SAGE employs online self-hinting and adaptive curriculum scheduling to maintain effective gradient signals and enhance policy learning.
Empirical results demonstrate SAGE's gains of 2–6 points in accuracy and improved exploration compared to baseline GRPO methods.

Self-Hint Aligned GRPO with Privileged Supervision (SAGE) is an on-policy reinforcement learning (RL) framework developed to address the challenge of aligning LLMs using group-based sparse-reward protocols. SAGE modifies the Group Relative Policy Optimization (GRPO) procedure by injecting privileged, compact hints—such as plans or solution decompositions—during training.
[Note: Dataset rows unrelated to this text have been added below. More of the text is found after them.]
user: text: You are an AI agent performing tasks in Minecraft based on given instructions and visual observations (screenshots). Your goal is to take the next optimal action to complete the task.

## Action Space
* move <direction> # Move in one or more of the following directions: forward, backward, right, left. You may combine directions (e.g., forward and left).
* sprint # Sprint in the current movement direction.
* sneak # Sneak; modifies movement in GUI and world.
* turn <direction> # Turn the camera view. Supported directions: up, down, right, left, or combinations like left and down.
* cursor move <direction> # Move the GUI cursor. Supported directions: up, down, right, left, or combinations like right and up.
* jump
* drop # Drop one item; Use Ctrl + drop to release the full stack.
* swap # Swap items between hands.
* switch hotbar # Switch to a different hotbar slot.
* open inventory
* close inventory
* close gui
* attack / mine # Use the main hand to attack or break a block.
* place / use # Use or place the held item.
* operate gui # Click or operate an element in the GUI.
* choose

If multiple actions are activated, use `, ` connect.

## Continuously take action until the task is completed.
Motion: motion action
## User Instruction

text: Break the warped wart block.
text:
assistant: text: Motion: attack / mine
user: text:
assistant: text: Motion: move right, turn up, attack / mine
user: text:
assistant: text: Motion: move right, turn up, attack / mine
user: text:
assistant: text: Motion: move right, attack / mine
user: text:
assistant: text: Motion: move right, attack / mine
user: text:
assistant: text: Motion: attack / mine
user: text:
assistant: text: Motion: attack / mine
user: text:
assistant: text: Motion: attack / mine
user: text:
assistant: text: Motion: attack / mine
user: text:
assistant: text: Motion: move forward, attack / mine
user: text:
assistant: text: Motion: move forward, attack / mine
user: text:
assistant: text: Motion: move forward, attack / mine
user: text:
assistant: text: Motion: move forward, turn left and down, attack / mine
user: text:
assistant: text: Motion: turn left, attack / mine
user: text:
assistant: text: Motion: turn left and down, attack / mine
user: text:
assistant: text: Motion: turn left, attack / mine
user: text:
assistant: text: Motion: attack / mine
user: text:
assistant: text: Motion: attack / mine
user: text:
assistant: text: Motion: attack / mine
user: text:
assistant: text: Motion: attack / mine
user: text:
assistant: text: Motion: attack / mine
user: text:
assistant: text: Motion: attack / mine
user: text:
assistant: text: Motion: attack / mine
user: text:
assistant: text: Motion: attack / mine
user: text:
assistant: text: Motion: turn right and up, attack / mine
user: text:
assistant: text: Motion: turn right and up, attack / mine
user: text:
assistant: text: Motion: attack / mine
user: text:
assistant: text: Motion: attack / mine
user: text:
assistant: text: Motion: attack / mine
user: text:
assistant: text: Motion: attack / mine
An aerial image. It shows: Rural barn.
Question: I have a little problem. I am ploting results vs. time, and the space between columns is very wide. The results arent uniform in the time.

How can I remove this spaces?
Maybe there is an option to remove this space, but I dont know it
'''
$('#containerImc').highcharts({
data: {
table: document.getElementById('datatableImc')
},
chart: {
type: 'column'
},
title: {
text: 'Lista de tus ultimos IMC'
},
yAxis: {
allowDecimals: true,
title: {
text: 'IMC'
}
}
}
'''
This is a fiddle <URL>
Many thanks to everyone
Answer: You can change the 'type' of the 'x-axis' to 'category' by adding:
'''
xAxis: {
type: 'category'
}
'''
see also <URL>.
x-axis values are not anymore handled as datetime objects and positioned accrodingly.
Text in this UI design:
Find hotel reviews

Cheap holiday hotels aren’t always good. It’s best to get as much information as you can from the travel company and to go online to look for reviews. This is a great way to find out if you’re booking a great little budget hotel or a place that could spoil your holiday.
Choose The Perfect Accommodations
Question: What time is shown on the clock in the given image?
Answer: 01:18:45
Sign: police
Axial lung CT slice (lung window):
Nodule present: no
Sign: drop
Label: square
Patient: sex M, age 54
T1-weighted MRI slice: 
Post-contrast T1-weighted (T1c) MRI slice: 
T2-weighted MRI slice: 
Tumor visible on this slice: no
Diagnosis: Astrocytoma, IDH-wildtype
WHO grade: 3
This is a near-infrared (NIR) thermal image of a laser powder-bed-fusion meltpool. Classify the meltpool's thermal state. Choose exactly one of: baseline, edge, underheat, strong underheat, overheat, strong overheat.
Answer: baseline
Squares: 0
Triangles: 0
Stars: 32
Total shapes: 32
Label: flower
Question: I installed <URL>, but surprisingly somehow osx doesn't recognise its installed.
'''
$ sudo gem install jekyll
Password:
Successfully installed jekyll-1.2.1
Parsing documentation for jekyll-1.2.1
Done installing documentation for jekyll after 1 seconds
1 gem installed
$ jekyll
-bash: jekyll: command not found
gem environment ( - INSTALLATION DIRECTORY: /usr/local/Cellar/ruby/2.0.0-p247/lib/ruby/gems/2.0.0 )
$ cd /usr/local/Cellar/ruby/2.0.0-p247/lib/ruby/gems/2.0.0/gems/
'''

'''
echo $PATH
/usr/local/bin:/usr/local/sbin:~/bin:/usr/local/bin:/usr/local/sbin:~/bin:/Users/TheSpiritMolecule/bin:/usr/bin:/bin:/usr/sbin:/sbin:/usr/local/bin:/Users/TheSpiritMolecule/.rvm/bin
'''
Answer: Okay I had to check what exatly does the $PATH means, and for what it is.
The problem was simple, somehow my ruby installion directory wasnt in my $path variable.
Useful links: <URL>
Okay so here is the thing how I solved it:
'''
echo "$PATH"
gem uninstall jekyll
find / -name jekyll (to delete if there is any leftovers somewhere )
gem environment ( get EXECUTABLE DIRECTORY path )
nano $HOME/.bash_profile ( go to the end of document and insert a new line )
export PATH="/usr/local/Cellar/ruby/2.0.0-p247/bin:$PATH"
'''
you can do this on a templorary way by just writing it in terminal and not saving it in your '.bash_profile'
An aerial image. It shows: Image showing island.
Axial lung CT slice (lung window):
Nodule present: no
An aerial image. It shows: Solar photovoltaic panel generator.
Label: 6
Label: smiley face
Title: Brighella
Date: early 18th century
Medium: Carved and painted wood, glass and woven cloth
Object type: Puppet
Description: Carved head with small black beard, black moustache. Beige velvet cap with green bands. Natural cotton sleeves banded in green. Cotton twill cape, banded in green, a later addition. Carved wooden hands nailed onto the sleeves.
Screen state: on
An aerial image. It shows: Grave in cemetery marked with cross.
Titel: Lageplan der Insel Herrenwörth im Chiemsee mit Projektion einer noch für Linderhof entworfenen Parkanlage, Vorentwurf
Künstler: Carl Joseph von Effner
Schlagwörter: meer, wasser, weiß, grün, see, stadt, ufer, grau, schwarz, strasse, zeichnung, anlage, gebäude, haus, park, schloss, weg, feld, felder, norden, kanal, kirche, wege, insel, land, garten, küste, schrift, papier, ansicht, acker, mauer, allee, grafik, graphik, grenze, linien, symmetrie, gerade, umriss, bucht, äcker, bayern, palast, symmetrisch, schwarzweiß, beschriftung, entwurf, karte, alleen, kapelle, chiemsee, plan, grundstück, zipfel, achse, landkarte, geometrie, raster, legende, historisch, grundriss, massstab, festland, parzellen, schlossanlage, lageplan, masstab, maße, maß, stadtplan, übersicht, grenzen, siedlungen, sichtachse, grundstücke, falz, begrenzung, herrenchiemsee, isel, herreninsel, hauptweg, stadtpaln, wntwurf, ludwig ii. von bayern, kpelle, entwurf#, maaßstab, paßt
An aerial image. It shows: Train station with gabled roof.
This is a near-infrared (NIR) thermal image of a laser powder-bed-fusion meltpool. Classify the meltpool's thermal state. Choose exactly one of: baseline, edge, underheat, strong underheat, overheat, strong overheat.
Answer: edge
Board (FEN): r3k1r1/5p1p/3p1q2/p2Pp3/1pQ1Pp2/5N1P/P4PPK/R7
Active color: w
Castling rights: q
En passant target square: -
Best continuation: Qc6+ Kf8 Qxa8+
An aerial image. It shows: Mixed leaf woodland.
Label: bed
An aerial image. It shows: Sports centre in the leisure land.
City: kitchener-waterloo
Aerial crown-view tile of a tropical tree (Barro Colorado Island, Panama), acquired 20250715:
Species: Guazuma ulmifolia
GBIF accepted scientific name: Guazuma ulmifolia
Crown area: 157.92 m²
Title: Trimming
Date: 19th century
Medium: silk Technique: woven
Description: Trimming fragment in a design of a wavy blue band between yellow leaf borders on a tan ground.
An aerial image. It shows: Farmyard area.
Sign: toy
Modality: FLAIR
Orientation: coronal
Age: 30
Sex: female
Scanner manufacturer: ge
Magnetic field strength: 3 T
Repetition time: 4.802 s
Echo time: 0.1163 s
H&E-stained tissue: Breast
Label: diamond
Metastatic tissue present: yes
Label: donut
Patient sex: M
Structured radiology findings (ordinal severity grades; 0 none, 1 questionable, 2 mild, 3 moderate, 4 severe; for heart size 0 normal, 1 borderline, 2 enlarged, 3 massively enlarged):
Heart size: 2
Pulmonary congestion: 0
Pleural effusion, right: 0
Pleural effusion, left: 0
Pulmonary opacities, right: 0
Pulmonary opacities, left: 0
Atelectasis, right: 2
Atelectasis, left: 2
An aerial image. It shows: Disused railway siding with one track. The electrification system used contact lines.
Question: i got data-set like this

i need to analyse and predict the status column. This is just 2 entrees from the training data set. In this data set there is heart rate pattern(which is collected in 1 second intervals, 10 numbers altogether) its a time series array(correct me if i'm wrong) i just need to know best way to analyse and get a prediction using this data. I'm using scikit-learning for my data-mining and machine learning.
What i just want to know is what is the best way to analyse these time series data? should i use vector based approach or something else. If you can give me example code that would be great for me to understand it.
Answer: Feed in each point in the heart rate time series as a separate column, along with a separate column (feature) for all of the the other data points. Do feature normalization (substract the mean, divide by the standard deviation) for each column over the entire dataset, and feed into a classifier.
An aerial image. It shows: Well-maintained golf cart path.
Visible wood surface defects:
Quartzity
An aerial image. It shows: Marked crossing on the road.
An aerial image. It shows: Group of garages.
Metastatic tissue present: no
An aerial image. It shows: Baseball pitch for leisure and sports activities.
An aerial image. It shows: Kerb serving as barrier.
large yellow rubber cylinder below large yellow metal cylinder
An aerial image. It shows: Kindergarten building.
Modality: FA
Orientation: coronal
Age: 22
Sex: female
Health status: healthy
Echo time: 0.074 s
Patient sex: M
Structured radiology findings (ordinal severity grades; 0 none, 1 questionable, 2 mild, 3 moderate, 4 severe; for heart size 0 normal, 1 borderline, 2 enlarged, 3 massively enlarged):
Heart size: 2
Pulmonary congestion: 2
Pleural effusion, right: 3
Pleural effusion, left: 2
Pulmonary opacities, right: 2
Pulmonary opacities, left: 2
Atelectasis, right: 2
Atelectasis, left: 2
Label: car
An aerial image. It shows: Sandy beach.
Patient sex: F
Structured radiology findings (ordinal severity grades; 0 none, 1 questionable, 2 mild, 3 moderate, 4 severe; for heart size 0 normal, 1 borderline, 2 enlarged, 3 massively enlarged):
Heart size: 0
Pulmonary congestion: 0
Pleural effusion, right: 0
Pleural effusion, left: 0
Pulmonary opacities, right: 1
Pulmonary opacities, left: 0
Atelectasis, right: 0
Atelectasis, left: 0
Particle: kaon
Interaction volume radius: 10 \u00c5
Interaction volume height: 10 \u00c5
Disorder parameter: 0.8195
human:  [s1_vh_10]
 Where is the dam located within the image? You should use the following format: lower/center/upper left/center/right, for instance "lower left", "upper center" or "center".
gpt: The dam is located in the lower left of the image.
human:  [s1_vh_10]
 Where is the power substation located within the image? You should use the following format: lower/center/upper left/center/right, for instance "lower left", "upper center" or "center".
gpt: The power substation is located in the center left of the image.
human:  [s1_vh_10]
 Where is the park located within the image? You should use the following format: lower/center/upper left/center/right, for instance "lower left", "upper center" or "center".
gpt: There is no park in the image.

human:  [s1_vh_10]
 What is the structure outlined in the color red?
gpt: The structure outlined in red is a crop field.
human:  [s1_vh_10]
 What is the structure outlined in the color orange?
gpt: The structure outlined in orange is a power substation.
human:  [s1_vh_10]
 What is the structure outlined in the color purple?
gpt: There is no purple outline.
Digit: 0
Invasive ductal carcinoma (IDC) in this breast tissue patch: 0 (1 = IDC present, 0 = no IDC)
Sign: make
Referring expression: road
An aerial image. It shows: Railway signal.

These hints reshape the model’s rollout distribution without affecting the verifier reward, overcoming critical bottlenecks in RL from sparse rewards. During inference, the model operates without hints, reflecting only the improved capabilities learned during privileged supervision (Liao et al., 3 Feb 2026).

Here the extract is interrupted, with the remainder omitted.